In Bayern sind Schätzungen zufolge rund 350.000 Kinder und Jugendliche von psychischen Auffälligkeiten betroffen und etwa 2,7 Millionen Erwachsene. Das geht aus dem ersten bayerischen Psychiatriebericht hervor, den die Staatsregierung am Dienstag dem Landtag vorgelegt hat. Die Studienmacher legten ihren Berechnungen bundesweite Zahlen zugrunde und wiesen darauf hin, dass Studien, die repräsentative Daten zur Häufigkeit psychischer Störungen liefern, sehr aufwändig seien und daher meist nur bundesweit vorlägen.
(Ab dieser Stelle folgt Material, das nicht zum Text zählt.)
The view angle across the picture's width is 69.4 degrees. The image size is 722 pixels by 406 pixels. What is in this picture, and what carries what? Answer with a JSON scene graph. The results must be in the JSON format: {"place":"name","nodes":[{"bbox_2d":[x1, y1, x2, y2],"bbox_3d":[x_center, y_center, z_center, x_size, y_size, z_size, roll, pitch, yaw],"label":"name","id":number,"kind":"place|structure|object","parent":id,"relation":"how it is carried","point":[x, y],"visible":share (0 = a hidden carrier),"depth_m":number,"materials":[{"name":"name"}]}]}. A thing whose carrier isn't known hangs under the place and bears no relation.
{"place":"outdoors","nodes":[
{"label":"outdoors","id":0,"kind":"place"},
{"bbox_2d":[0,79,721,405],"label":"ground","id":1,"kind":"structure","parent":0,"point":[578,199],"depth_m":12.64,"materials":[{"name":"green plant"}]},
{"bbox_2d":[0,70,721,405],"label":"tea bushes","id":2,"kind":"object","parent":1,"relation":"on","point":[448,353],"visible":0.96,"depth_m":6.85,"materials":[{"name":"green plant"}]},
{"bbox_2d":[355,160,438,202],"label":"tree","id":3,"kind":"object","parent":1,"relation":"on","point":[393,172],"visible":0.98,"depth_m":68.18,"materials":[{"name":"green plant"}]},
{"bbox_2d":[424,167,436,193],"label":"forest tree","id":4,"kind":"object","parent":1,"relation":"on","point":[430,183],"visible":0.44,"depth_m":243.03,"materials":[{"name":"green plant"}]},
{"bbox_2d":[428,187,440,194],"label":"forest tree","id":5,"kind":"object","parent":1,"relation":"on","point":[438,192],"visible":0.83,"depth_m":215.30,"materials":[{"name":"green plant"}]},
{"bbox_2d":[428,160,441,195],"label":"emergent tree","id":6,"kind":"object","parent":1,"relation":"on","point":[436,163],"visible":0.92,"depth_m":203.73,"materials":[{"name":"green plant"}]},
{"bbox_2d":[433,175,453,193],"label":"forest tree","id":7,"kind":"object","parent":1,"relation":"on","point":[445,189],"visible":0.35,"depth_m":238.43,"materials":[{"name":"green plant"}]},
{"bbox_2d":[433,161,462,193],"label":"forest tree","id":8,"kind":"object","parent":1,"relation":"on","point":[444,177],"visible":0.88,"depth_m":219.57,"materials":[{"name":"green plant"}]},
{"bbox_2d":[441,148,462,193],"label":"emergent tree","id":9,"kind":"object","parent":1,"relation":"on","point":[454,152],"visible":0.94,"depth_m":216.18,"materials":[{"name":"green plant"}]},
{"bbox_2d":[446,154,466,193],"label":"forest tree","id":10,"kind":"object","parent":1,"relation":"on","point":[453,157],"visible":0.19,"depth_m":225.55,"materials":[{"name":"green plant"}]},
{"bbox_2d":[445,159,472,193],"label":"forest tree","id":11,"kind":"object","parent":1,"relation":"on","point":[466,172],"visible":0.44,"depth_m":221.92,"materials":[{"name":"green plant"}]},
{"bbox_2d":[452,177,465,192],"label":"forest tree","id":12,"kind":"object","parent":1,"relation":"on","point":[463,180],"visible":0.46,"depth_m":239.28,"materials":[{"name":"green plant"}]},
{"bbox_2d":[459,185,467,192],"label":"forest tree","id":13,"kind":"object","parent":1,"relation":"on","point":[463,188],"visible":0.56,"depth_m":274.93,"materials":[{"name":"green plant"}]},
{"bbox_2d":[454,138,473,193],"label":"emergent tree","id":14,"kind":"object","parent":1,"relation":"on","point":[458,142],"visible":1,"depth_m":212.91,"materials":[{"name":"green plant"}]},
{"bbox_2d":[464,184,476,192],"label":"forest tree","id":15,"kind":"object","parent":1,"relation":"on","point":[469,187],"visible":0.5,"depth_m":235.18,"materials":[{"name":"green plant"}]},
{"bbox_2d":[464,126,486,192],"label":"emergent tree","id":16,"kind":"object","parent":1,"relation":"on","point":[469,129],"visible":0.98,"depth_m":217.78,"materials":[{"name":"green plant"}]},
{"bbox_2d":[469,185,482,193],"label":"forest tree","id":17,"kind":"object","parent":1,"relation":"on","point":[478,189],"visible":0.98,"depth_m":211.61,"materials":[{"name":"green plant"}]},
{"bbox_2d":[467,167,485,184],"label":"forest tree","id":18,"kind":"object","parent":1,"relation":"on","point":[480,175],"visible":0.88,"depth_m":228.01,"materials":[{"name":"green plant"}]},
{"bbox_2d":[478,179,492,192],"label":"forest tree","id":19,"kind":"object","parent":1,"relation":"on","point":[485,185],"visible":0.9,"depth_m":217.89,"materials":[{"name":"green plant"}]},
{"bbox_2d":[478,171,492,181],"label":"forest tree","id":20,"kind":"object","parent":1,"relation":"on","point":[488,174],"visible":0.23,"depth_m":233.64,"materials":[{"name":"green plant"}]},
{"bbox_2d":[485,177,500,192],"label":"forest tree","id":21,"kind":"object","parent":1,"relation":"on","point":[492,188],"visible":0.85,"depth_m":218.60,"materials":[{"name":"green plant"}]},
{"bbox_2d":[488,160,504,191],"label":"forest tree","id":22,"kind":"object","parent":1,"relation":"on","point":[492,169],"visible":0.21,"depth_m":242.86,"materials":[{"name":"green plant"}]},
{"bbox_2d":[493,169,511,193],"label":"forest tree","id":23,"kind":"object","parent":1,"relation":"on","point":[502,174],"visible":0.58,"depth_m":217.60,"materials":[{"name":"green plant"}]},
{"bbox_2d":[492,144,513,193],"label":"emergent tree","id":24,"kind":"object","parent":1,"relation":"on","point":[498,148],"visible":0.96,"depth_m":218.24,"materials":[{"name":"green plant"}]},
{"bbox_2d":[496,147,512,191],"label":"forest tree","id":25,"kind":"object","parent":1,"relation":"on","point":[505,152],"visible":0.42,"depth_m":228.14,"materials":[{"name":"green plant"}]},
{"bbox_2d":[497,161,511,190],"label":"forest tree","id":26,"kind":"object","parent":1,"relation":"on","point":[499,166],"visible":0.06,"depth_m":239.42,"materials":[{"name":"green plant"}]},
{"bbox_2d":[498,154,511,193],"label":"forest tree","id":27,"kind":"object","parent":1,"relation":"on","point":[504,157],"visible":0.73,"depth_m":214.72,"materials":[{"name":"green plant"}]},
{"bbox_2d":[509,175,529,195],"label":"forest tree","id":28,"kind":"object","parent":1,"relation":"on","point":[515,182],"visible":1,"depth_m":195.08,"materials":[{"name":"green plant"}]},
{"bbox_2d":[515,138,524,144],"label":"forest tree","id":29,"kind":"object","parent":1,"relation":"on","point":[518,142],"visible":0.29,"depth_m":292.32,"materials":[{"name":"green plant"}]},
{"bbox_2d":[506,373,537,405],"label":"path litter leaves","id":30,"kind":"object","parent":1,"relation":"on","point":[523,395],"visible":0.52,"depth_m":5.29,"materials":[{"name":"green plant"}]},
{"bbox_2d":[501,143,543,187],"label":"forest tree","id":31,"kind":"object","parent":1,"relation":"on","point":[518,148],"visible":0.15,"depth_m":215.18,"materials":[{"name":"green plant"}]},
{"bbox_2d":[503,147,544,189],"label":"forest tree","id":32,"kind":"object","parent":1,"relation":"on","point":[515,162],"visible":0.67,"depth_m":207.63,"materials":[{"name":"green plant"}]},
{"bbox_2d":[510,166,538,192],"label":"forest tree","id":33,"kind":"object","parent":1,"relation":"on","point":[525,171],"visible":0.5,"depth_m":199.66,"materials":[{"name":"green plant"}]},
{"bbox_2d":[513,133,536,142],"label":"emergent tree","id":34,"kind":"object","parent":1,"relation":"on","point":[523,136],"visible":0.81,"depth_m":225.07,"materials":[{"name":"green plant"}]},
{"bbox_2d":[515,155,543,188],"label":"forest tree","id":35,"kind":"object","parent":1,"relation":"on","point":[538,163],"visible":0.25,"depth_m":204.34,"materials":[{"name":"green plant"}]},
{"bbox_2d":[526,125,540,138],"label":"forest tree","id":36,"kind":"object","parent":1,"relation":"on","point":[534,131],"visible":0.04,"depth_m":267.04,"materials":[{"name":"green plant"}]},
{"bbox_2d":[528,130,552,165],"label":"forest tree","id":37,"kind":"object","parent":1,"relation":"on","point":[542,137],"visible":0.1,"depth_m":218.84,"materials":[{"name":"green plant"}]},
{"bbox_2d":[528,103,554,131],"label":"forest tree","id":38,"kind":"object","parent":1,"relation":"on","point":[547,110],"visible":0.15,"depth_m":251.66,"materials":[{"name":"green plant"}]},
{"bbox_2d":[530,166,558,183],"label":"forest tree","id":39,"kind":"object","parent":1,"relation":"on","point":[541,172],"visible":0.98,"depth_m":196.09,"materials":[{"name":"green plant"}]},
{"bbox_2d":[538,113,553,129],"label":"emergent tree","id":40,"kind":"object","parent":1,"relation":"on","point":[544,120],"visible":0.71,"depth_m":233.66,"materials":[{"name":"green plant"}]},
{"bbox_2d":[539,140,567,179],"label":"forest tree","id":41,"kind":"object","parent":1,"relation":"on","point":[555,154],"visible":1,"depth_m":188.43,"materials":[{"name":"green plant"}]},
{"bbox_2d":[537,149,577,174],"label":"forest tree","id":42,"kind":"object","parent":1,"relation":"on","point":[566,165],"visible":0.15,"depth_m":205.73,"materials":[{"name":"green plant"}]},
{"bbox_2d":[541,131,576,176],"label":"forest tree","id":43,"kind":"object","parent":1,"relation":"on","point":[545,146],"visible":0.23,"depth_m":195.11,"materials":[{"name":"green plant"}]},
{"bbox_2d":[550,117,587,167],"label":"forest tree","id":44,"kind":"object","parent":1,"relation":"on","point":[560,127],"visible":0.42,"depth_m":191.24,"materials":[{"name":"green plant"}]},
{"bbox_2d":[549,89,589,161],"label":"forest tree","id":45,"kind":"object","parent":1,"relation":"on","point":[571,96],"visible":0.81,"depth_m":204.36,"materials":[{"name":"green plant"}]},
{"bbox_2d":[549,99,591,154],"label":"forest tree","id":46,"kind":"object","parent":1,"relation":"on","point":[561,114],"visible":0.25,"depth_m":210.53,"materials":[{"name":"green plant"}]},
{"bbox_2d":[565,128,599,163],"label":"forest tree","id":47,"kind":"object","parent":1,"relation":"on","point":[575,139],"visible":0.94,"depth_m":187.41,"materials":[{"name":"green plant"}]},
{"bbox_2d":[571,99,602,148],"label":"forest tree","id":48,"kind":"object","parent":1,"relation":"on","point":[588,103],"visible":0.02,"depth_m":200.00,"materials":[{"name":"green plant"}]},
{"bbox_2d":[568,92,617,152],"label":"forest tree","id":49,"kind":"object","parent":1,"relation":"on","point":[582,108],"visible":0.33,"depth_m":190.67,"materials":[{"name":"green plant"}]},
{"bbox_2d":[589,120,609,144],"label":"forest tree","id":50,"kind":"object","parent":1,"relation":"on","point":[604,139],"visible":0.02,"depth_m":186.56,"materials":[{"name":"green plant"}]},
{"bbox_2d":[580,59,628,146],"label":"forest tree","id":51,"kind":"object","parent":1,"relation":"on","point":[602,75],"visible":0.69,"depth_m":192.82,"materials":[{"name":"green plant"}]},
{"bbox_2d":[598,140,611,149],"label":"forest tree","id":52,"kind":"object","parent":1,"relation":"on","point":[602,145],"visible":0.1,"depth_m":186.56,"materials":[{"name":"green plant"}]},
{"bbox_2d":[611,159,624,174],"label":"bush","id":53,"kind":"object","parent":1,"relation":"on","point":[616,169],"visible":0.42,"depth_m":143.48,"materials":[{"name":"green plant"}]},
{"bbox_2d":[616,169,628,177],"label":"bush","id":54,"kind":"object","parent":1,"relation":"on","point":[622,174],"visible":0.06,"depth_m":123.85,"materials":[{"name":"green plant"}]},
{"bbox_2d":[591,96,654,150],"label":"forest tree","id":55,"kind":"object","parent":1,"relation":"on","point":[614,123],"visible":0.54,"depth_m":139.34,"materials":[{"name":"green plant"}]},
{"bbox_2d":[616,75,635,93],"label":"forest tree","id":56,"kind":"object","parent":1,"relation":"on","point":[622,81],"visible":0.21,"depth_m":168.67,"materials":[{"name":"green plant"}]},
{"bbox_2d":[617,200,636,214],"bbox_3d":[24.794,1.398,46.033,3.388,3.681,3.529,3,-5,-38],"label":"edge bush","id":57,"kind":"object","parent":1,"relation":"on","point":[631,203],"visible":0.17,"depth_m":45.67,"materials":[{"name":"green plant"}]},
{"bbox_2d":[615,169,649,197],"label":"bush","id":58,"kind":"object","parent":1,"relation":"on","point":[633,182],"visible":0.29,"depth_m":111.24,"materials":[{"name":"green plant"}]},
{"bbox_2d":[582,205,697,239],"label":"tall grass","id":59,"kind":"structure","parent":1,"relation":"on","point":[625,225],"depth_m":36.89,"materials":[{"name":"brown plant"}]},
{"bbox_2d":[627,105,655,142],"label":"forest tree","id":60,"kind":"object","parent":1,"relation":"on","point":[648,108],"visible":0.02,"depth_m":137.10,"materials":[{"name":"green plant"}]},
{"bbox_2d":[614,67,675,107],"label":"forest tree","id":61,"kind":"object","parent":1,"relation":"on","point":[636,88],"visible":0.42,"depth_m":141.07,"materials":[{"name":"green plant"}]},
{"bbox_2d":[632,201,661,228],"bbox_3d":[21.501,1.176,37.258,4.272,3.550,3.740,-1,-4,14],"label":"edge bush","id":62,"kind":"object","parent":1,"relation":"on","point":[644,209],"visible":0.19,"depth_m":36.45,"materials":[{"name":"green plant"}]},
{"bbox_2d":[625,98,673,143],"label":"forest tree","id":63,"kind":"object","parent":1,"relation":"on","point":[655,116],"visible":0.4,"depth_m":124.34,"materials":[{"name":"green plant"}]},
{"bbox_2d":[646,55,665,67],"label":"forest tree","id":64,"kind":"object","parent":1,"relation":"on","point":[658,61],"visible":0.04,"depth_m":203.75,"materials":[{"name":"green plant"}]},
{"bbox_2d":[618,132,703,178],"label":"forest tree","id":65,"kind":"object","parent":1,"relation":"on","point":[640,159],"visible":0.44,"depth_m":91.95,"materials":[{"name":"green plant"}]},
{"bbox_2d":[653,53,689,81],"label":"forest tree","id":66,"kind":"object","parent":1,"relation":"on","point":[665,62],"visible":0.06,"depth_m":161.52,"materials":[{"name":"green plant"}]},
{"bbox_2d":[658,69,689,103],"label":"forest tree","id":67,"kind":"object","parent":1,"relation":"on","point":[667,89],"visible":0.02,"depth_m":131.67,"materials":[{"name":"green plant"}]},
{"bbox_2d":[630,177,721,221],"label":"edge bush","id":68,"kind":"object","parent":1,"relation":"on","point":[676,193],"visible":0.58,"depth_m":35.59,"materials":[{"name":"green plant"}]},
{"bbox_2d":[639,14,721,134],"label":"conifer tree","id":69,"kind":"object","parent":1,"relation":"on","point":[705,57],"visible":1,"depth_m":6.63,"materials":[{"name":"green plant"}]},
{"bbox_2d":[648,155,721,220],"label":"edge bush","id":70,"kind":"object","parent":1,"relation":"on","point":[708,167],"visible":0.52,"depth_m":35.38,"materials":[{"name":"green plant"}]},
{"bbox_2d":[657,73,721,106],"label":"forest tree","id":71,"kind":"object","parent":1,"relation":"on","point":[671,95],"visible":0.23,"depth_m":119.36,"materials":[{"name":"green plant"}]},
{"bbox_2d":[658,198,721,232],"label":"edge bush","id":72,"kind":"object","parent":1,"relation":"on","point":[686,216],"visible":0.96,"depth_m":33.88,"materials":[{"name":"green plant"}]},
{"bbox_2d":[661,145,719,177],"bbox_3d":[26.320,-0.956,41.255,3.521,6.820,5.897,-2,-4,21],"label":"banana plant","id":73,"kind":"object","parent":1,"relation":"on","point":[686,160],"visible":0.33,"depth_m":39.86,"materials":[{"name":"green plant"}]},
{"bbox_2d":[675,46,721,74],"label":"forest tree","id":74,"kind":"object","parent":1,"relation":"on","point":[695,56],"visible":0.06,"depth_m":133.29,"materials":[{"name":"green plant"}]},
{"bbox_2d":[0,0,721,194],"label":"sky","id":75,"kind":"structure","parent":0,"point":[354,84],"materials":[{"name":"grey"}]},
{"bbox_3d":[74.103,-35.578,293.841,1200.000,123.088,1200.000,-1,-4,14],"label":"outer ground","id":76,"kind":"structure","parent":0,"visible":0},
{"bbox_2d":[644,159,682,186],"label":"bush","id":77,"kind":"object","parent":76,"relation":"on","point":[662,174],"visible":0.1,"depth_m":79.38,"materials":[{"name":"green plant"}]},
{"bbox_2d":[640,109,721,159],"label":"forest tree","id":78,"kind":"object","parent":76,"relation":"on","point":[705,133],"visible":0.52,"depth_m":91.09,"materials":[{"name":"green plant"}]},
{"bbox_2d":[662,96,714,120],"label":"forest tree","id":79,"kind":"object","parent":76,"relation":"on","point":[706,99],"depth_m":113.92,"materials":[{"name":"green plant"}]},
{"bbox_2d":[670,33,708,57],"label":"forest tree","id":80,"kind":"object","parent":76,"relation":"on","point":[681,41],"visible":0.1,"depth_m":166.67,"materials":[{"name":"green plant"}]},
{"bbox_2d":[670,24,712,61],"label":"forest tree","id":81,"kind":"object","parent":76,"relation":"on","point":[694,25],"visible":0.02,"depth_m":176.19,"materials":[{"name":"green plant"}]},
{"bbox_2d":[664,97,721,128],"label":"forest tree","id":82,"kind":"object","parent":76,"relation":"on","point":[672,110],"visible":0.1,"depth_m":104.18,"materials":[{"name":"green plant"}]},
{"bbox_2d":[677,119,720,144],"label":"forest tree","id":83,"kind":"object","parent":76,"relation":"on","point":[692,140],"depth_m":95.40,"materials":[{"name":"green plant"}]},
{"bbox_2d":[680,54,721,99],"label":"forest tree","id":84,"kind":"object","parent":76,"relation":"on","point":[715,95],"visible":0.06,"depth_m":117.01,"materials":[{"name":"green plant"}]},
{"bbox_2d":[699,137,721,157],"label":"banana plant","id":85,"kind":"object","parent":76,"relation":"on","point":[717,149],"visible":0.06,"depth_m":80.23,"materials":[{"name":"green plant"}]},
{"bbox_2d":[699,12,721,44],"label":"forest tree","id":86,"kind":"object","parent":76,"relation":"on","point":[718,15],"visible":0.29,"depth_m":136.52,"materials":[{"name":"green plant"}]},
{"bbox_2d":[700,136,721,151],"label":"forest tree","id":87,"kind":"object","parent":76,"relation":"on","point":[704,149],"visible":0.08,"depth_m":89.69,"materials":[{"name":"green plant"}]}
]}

Corona-Schutzmaßnahmen haben sich auf die psychische Gesundheit ausgewirkt
Einer der Schwerpunkte im Bericht sei die Gesundheit im Zuge der Corona-Pandemie, sagte Gesundheitsminister Klaus Holetschek (CSU) am Dienstag. Der Bericht bestätigt nun, dass die Pandemie wie auch die Corona-Schutzmaßnahmen sich auf die psychische Gesundheit der Menschen ausgewirkt hätten. So gebe es mehr Depressionen und Angststörungen sowie ein verändertes Suchtverhalten. Während des ersten Lockdowns im Frühjahr 2020 seien vor allem die älteren Menschen wegen der Besuchsverbote in Heimen "psychisch hochbelastet" gewesen.
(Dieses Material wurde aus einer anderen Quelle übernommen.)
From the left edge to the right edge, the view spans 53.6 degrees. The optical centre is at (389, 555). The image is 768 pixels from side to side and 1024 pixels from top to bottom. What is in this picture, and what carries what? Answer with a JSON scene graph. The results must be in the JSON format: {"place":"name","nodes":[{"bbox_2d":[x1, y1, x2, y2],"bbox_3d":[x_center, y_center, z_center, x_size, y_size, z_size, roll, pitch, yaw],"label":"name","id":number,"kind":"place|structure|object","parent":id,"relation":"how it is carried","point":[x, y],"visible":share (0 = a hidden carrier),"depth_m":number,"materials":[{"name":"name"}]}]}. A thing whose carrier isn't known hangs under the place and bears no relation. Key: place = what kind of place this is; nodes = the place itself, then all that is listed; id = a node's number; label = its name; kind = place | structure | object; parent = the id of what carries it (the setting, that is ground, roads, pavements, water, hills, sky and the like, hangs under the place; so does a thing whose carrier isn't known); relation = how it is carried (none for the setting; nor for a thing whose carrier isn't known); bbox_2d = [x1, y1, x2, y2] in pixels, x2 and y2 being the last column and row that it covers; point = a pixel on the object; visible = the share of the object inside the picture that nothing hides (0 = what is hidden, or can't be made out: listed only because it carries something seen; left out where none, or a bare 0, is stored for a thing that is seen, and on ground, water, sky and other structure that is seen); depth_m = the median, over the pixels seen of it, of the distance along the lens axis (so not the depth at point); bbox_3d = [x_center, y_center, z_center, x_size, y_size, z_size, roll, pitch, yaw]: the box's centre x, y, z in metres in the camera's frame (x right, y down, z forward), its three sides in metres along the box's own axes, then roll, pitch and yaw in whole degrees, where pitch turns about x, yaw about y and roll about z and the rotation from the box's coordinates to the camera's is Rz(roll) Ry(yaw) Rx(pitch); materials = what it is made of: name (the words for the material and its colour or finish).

Der zweite Lockdown im Spätherbst 2020 habe dann zu einer stärkeren psychischen Belastung auch bei jüngeren Menschen geführt, heißt es im Bericht weiter. Besonders gefährdet von den Infektionsschutzmaßnahmen seien Menschen mit psychischen Vorerkrankungen, Kinder und Jugendliche wegen des Homeschoolings, Pflegebedürftige sowie medizinisches Personal. Bereits die Sorge vor einer Corona-Infektion könne zu psychischen Beeinträchtigungen führen. Dazu kämen wirtschaftliche Unsicherheit, Existenzängste, Perspektivlosigkeit, Isolation und soziale Distanz.
Psychische Entlastungen durch die Pandemie
Die Corona-Pandemie habe aber auch zu psychischer Entlastung geführt, heißt es. So hätten einige Menschen ihre Beziehungen zu anderen verbessert oder seien zufriedener, weil sie eine Krise gemeistert haben. "Möglicherweise haben das klare politische Handeln und die sozialen Ausgleichsmaßnahmen in Deutschland die Folgen der Krise auf die psychische Gesundheit abgemildert", schreiben die Studienmacher mit Blick auf etwa Kurzarbeitergeld und staatliche Unterstützung. Längerfristig sei aber - abhängig vom Verlauf der Wirtschaftskrise - eine Zunahme der psychischen Störungen zu erwarten.
Der Bericht sei eine wichtige Grundlage, "um feststellen zu können, wo wir anpacken müssen", sagte Gesundheitsminister Holetschek. Er sei damit eine wesentlichen Grundlage, um die Lebensqualität von psychisch erkrankten Menschen zu verbessern. Erstellt hat den Bericht das Landesamt für Gesundheit- und Lebensmittelsicherheit (LGL). Im Bayerischen Psychisch-Kranken-Hilfe-Gesetz ist festgehalten, dass die Staatsregierung dem Landtag regelmäßig alle drei Jahre über die psychiatrischen, psychotherapeutischen und psychosomatischen Versorgung im Freistaat berichten muss.